**Your assignment:** For each line of the listing that includes the word "sans", show the whole line.

**Extracted entries:**
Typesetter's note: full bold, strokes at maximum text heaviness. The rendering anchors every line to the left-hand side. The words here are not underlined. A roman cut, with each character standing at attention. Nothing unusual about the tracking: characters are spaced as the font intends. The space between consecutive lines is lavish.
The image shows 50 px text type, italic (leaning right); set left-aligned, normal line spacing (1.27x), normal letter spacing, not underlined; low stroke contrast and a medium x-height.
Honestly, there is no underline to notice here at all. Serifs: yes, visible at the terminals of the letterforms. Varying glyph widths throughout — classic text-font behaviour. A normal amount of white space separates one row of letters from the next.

---

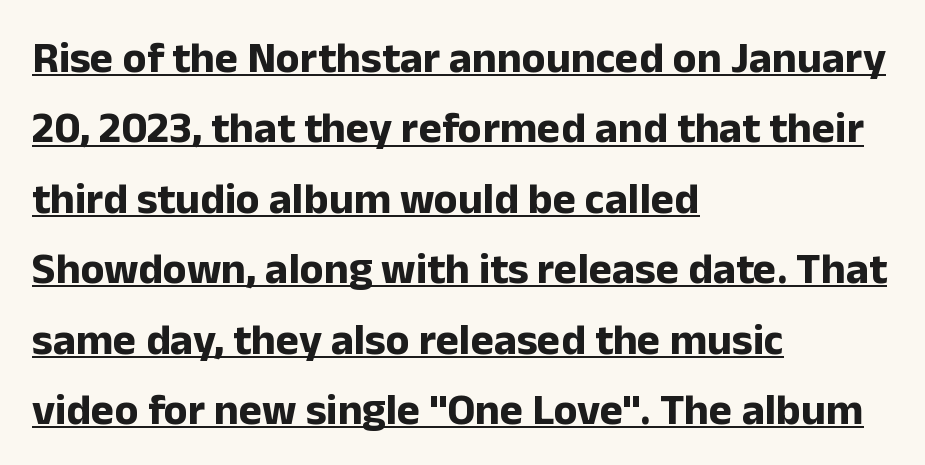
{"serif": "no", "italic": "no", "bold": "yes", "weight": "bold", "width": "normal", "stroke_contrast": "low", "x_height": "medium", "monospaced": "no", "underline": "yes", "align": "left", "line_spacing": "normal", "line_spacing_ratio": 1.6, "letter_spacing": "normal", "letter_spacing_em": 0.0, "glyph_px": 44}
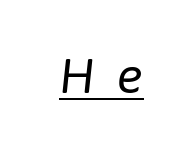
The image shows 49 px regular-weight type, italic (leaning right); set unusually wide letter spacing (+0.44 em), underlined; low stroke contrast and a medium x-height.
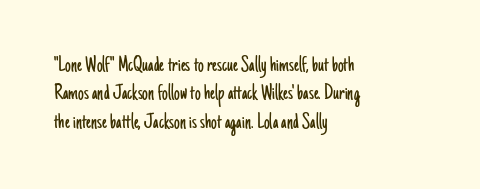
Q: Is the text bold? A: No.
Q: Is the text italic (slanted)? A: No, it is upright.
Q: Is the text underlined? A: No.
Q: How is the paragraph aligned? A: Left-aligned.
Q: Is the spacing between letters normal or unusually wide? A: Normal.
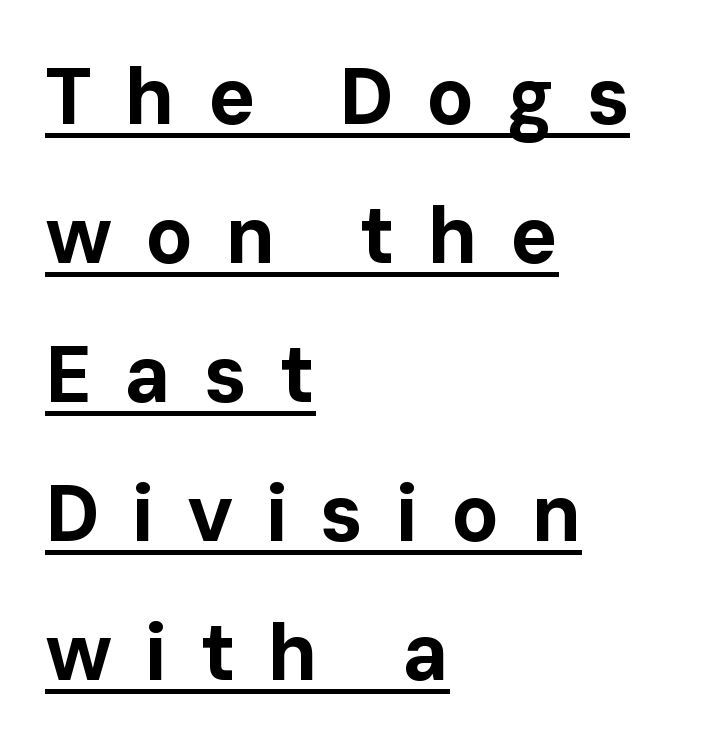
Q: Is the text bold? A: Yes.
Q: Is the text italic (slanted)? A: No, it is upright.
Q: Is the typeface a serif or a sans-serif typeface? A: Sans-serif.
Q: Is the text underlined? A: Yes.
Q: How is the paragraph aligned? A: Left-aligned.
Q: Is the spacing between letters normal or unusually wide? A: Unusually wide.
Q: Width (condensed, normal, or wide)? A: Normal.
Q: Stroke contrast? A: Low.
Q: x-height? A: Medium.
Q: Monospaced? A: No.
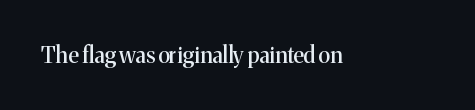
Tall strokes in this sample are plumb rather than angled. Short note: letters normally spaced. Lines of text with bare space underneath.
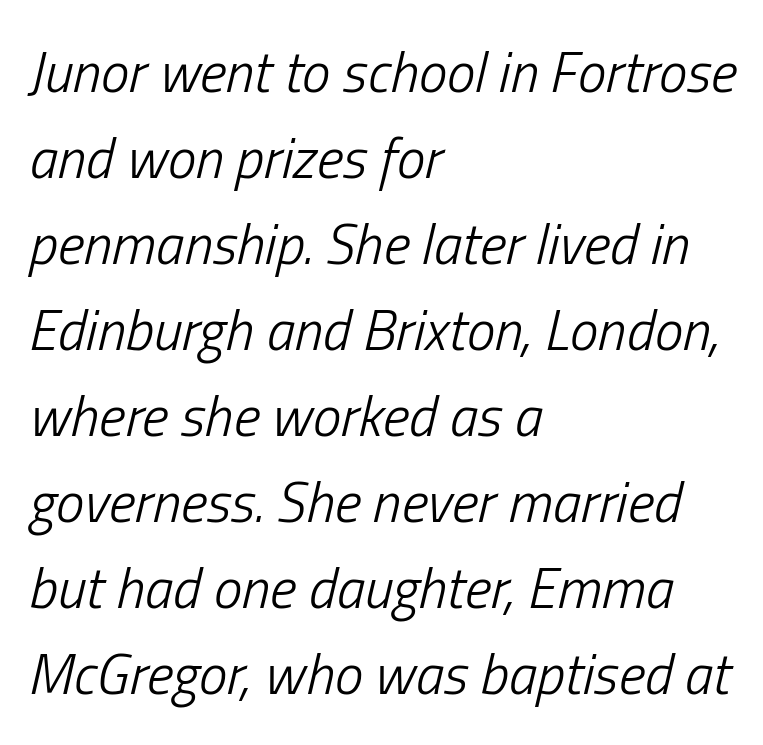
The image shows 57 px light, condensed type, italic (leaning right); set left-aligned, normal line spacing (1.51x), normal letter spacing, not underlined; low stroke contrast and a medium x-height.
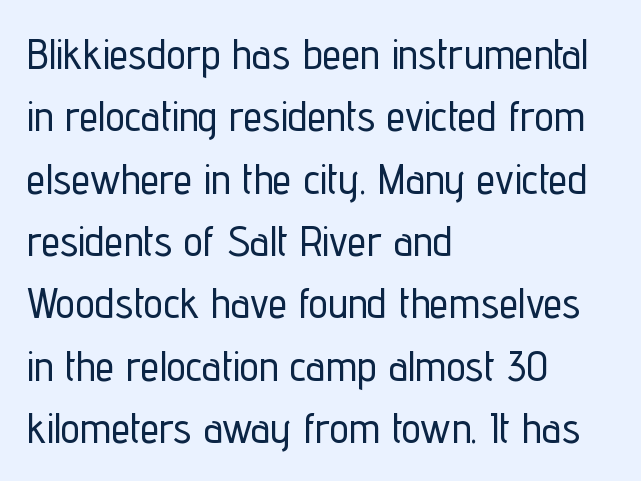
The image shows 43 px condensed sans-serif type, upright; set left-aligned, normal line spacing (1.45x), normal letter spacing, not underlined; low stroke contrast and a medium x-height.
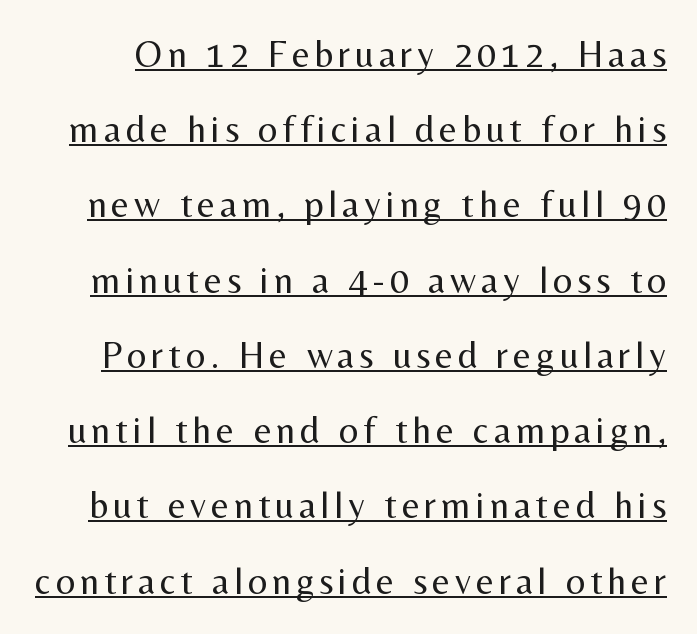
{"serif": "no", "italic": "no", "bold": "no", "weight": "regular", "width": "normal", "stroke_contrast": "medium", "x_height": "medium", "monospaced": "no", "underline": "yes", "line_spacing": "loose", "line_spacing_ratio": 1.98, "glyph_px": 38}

**Written solution:**
Q: Is the typeface a serif or a sans-serif typeface? A: Sans-serif.
The image shows 43 px condensed sans-serif type, upright; set left-aligned, normal line spacing (1.45x), normal letter spacing, not underlined; low stroke contrast and a medium x-height.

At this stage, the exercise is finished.